Problem requirements
Nothing but the records, repeated word for word and free of pictures, belongs in the answer.

Material shown
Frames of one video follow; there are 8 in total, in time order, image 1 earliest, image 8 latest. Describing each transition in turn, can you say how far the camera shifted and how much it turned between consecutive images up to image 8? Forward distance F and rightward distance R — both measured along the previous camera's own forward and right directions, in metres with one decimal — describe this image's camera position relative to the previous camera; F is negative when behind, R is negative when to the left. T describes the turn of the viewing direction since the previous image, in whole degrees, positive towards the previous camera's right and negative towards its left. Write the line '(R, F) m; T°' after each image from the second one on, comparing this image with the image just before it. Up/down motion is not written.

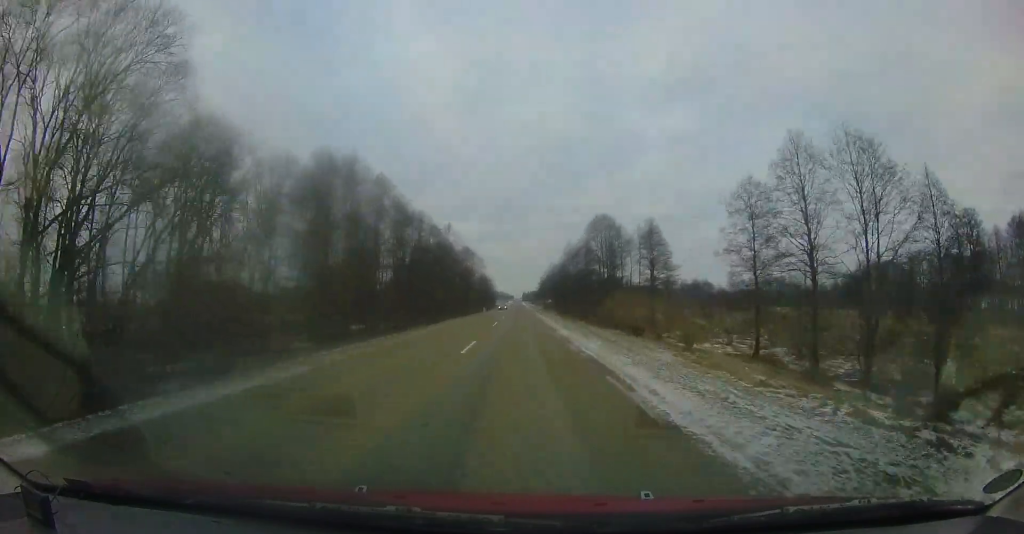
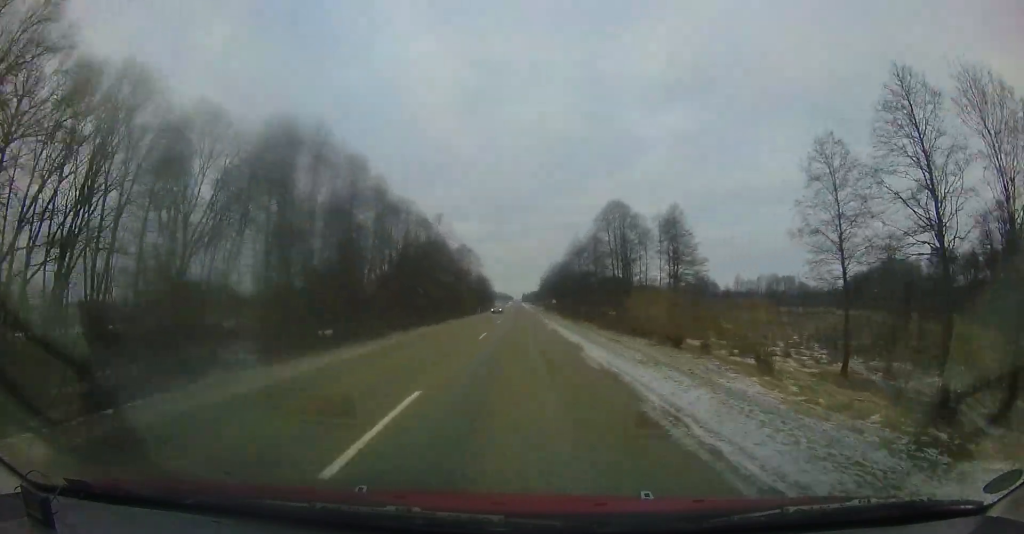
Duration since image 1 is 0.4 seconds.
(+0.2, +8.0) m; 0°
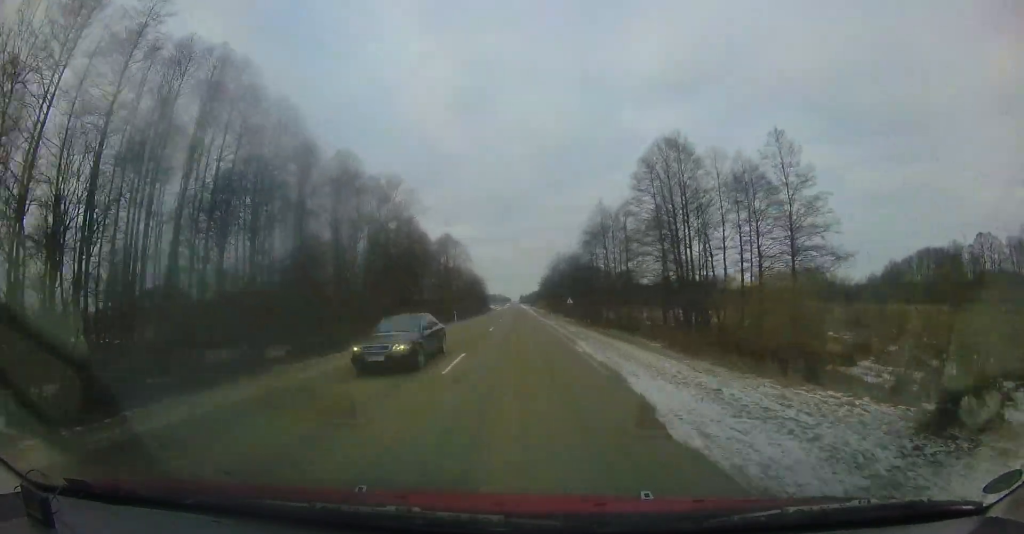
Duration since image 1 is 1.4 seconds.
(-0.4, +19.0) m; 0°
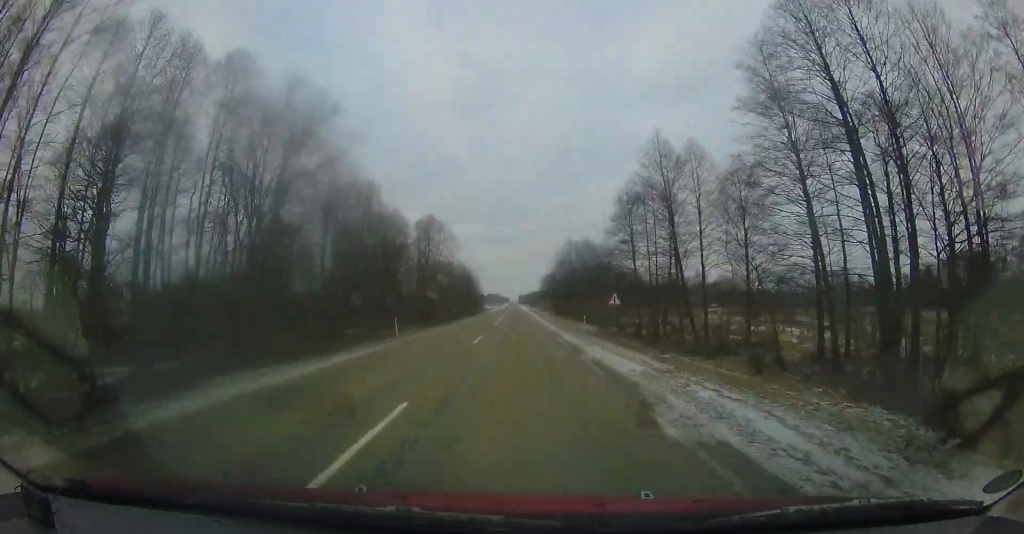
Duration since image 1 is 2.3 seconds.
(+0.3, +17.6) m; +1°
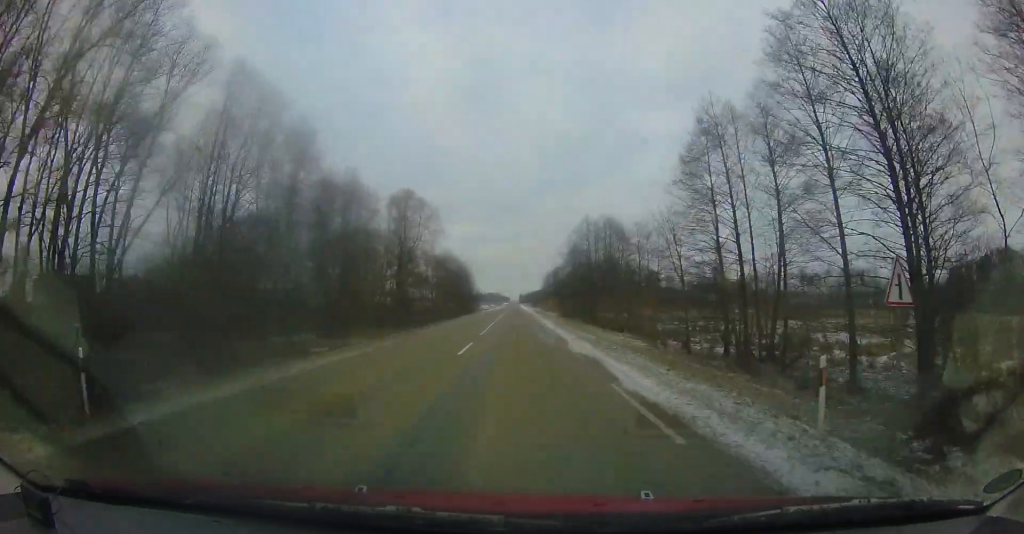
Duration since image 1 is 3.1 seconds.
(0.0, +15.8) m; 0°
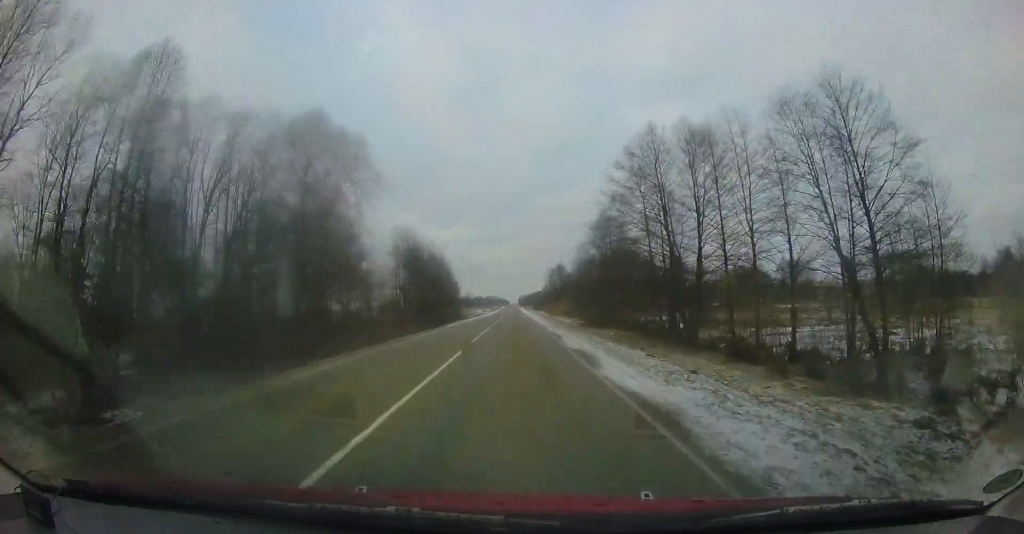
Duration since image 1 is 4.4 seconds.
(-0.2, +26.3) m; 0°
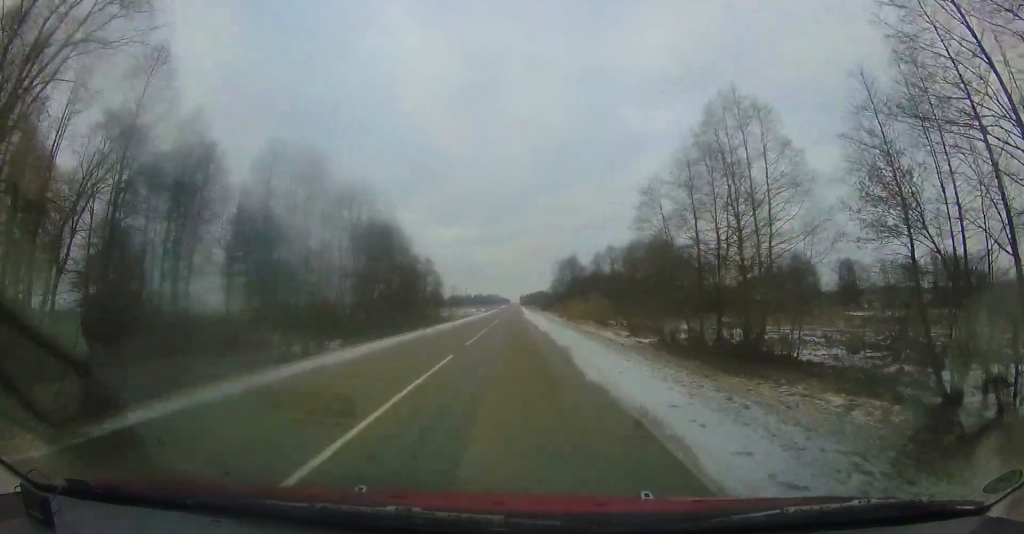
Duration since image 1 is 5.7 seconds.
(0.0, +25.5) m; 0°
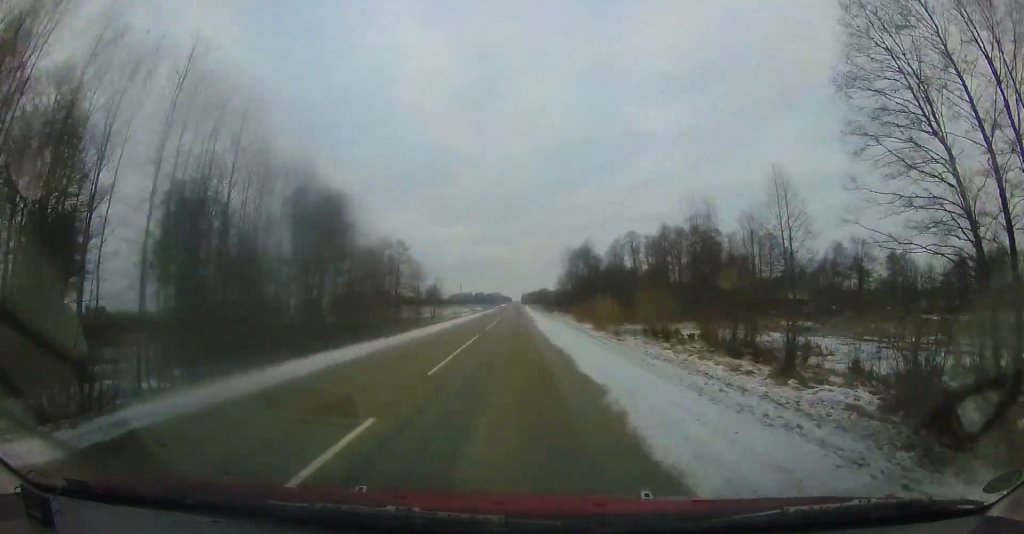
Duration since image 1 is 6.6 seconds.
(0.0, +18.3) m; +2°

Solution for this problem
Frames of one video follow; there are 8 in total, in time order, image 1 earliest, image 8 latest. Describing each transition in turn, can you say how far the camera shifted and how much it turned between consecutive images up to image 8? Forward distance F and rightward distance R — both measured along the previous camera's own forward and right directions, in metres with one decimal — describe this image's camera position relative to the previous camera; F is negative when behind, R is negative when to the left. T describes the turn of the viewing direction since the previous image, in whole degrees, positive towards the previous camera's right and negative towards its left. Write the line '(R, F) m; T°' after each image from the second one on, comparing this image with the image just before it. Up/down motion is not written.

Duration since image 1 is 0.4 seconds.
(+0.2, +8.0) m; 0°
Duration since image 1 is 1.4 seconds.
(-0.4, +19.0) m; 0°
Duration since image 1 is 2.3 seconds.
(+0.3, +17.6) m; +1°
Duration since image 1 is 3.1 seconds.
(0.0, +15.8) m; 0°
Duration since image 1 is 4.4 seconds.
(-0.2, +26.3) m; 0°
Duration since image 1 is 5.7 seconds.
(0.0, +25.5) m; 0°
Duration since image 1 is 6.6 seconds.
(0.0, +18.3) m; +2°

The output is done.